Harry Markowitz’s perfect portfolio

Posted By Darren Winters on Jul 27, 2018

Harry Markowitz’s perfect portfolio

Harry Markowitz’s perfect portfolio theory (also known as modern portfolio theory) is one of the most important economic theories dealing with finance and investment. Harry Markowitz’s perfect portfolio theory was published under the title “Portfolio Selection” in the Journal of Finance in 1952. Whatmore, six decades later Harry Markowitz’s perfect portfolio theory is still in vogue today among the investment community.

So what is the basic idea behind Harry Markowitz’s perfect portfolio?

Harry Markowitz's perfect portfolioHarry Markowitz’s perfect portfolio is about crafting a portfolio to maximize returns by taking on a quantifiable amount of risk. Essentially, investors can reduce risk through diversification using a quantitative method.

Harry Markowitz believes that it is not enough to look at the expected risk and return of one particular stock. Investors should instead have a diversified portfolio and thereby reap the benefits and reducing the risks of owning more than one stock. Harry Markowitz’s perfect portfolio theory quantifies the benefits of diversification, or not putting all of your eggs in one basket.

In a recently published interview, Harry Markowitz was asked whether he thought there existed a perfect portfolio for individuals and institutional investors?

Harry Markowitz’s perfect portfolio theory rejects the view that a market portfolio is perfect.

“I don’t believe that the market portfolio plus or minus leverage is even efficient, so it is certainly not perfect,” said Harry Markowitz.

“What I provided in Markowitz (1959) was a computer program that found mean variant efficient portfolios subject to any linear equality or inequality constraints. They are linear constraints.

The correct portfolio for the individual depends on, the risk preferences their willing to trade off risk from a return,” said Harry Markowitz.

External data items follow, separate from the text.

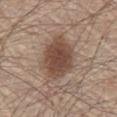Q: Was a biopsy performed?
A: imaged on a skin check; not biopsied
Q: Patient demographics?
A: male, approximately 80 years of age
Q: Lesion size?
A: ≈5.5 mm
Q: Where on the body is the lesion?
A: the front of the torso
Q: What is the imaging modality?
A: total-body-photography crop, ~15 mm field of view
Q: Illumination type?
A: white-light illumination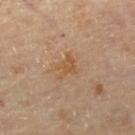  lesion_size:
    long_diameter_mm_approx: 3.0
  site: right lower leg
  image:
    source: total-body photography crop
    field_of_view_mm: 15
  lighting: cross-polarized
  patient:
    sex: female
    age_approx: 60
  automated_metrics:
    area_mm2_approx: 5.0
    eccentricity: 0.55
    shape_asymmetry: 0.4
    border_irregularity_0_10: 4.5
    color_variation_0_10: 1.5
    peripheral_color_asymmetry: 0.5
    nevus_likeness_0_100: 0

Harry Markowitz’s perfect portfolio theory stresses the importance of investor’s time-frame

“You don’t want them dropping out of the program prematurely so if it looks like the right thing for the long run, ….. maybe it is 50% in the emerging market which s very volatile and if it has a bad bounce investor will leave the program thinking that is a stupid asset manager.”

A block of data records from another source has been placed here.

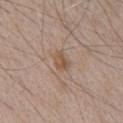Acquisition and patient details: About 2.5 mm across. The lesion is on the front of the torso. A 15 mm close-up tile from a total-body photography series done for melanoma screening. The patient is a male roughly 65 years of age. The tile uses white-light illumination.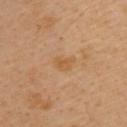Impression:
Captured during whole-body skin photography for melanoma surveillance; the lesion was not biopsied.
Context:
A male subject in their 40s. A 15 mm crop from a total-body photograph taken for skin-cancer surveillance. On the back. Imaged with cross-polarized lighting.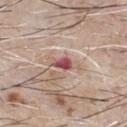Context: On the chest. The patient is a male aged 63–67. The tile uses white-light illumination. This image is a 15 mm lesion crop taken from a total-body photograph. Longest diameter approximately 2.5 mm.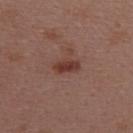Assessment:
The lesion was tiled from a total-body skin photograph and was not biopsied.
Clinical summary:
The tile uses white-light illumination. Cropped from a whole-body photographic skin survey; the tile spans about 15 mm. A female patient, in their mid-40s. The recorded lesion diameter is about 3 mm. From the upper back.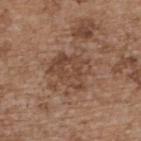Captured during whole-body skin photography for melanoma surveillance; the lesion was not biopsied.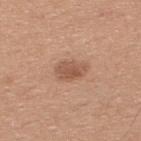{
  "automated_metrics": {
    "area_mm2_approx": 6.5,
    "eccentricity": 0.8,
    "shape_asymmetry": 0.2,
    "cielab_L": 54,
    "cielab_a": 21,
    "cielab_b": 30,
    "vs_skin_darker_L": 10.0
  },
  "patient": {
    "sex": "male",
    "age_approx": 30
  },
  "site": "upper back",
  "image": {
    "source": "total-body photography crop",
    "field_of_view_mm": 15
  }
}

What then is Harry Markowitz’s perfect portfolio?

“So there is no perfect portfolio there is a right portfolio for them and part of the process is to involve the user, what is their trade-off between risk and return.”

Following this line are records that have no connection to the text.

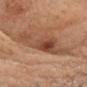Measured at roughly 8 mm in maximum diameter. This is a white-light tile. The subject is a male aged 68–72. A 15 mm crop from a total-body photograph taken for skin-cancer surveillance. The lesion is located on the head or neck.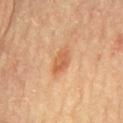A male subject in their mid-60s. A close-up tile cropped from a whole-body skin photograph, about 15 mm across. On the front of the torso. The tile uses cross-polarized illumination. The lesion-visualizer software estimated a lesion area of about 5.5 mm² and a shape eccentricity near 0.85. And it measured an average lesion color of about L≈59 a*≈25 b*≈39 (CIELAB) and a normalized lesion–skin contrast near 6.5. It also reported a border-irregularity index near 2/10, a color-variation rating of about 3/10, and a peripheral color-asymmetry measure near 1. And it measured an automated nevus-likeness rating near 85 out of 100. Measured at roughly 3.5 mm in maximum diameter.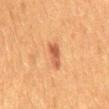Assessment:
Part of a total-body skin-imaging series; this lesion was reviewed on a skin check and was not flagged for biopsy.
Context:
This is a cross-polarized tile. Approximately 4 mm at its widest. A male patient, in their 50s. The lesion is on the mid back. A 15 mm close-up extracted from a 3D total-body photography capture.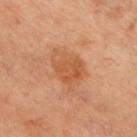The lesion was tiled from a total-body skin photograph and was not biopsied.
The subject is a female in their mid- to late 50s.
Captured under cross-polarized illumination.
A roughly 15 mm field-of-view crop from a total-body skin photograph.
From the front of the torso.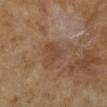follow-up: no biopsy performed (imaged during a skin exam); size: ≈3 mm; acquisition: ~15 mm crop, total-body skin-cancer survey; site: the leg; illumination: cross-polarized illumination; patient: male, aged 63–67.

Harry Markowitz’s perfect portfolio theory rejects the view that the market portfolio is not efficient for everyone. However, Harry Markowitz also acknowledges that the market portfolio could work in an unreal situation.

“If you could borrow all you want at the risk-free rate then the only mean variant efficient portfolio would be the market plus or minus leverage,”

So reading between the lines a decade of the central bank’s quantitative easing has provided a few with the means to create Harry Markowitz’s perfect portfolio.

But Harry Markowitz’s perfect portfolio theory could be inputted into a robot asset manager

“Where do you think the industry is going?” asked the interviewer.

“The way I see the industry going in the next 60 years is for human, machine division of labor to cover more fully various aspects of financial planning. Decision support systems that help investors plan.”